The Sweet Hereafter (film) - Plot

Plot

Life is difficult in a small town in British Columbia, Canada in the wake of a terrible school bus accident in which numerous local children are killed. Hardly able to cope with the loss, their grieving parents are approached by a lawyer, Mitchell Stephens (Ian Holm), who wants them to sue for damages by claiming the bus was faulty. Stephens is aware that urging for a class action suit while the town is so aggrieved is ethically questionable, but persists anyway. He is meanwhile haunted by his dysfunctional relationship with his own adult daughter, a drug addict. At first most of the parents are reluctant to sue, but eventually they are persuaded by Stephens that filing a class action lawsuit would ease their minds and also be the right thing to do.
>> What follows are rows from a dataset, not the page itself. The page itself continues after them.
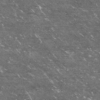
Label: not_dusty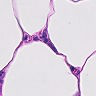
Metastatic tissue present: no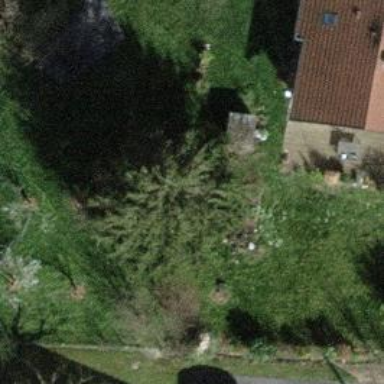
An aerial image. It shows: Evergreen needle-leaved tree.
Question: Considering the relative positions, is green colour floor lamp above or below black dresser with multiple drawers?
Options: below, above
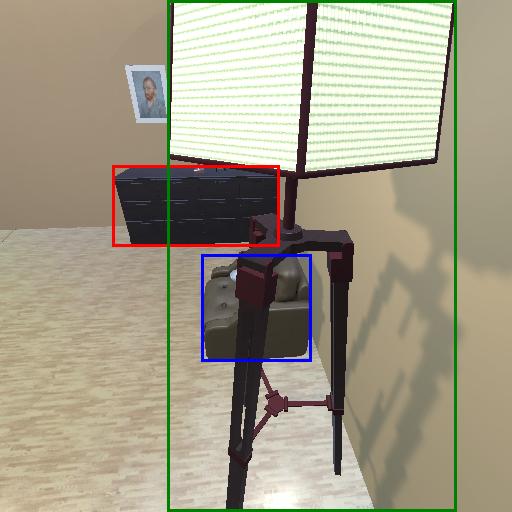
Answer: below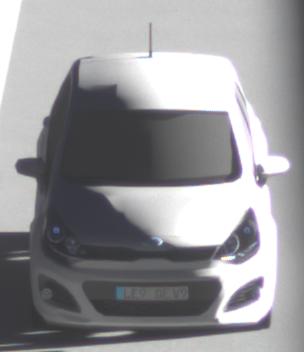
Make: KIA
Model: Rio 1.2
Detailed model: Rio (UB)
Model produced from: 2011/09
Model produced until: 2015/01
Doors: 3
Color: white
Road condition: dry road
Daytime: sunrise or sunset
Contrast: high contrast
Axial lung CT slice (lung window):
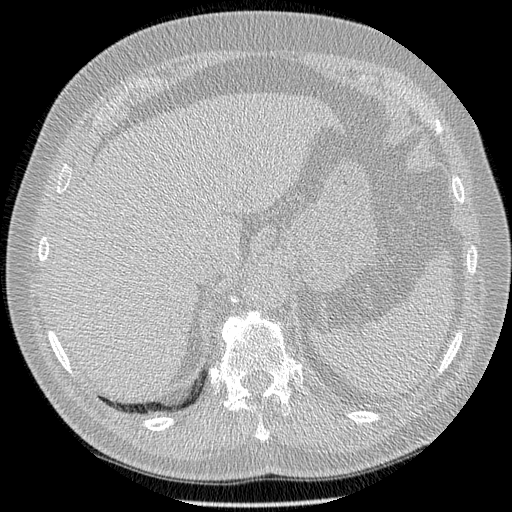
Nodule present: no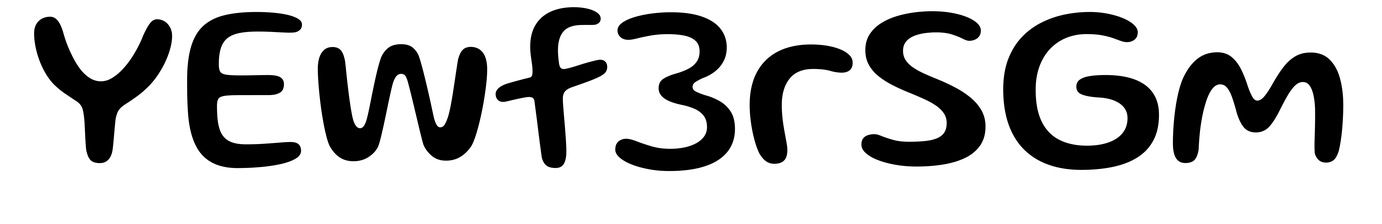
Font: Gluten_Regular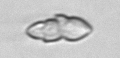
Label: Katodinium_or_Torodinium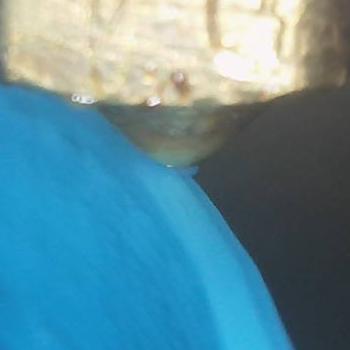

As most of the children are dead, the case now depends on the few surviving witnesses to say the right things in court. In particular, it is 15-year-old Nicole Burnell (Sarah Polley), who was sitting at the front of the bus and is now paralyzed from the waist down, whose deposition is all-important. Before the accident, Nicole was a budding country music prodigy and she senses that her parents want justice and a large cash settlement to replace her lost music earnings—and not necessarily in that order. In the pretrial deposition, she unexpectedly accuses driver Dolores Driscoll (Gabrielle Rose) of speeding and thus causing the accident. When she does so, all hopes of holding the bus company liable vanish along with the possibility of a big settlement. It is implied that Nicole's motivation was partly to punish her father, who was sexually abusing her. Those involved know that Nicole is lying but can do nothing. The trial never occurs, leaving the townspeople, and Stephens, to cope in other ways with the uncertain future.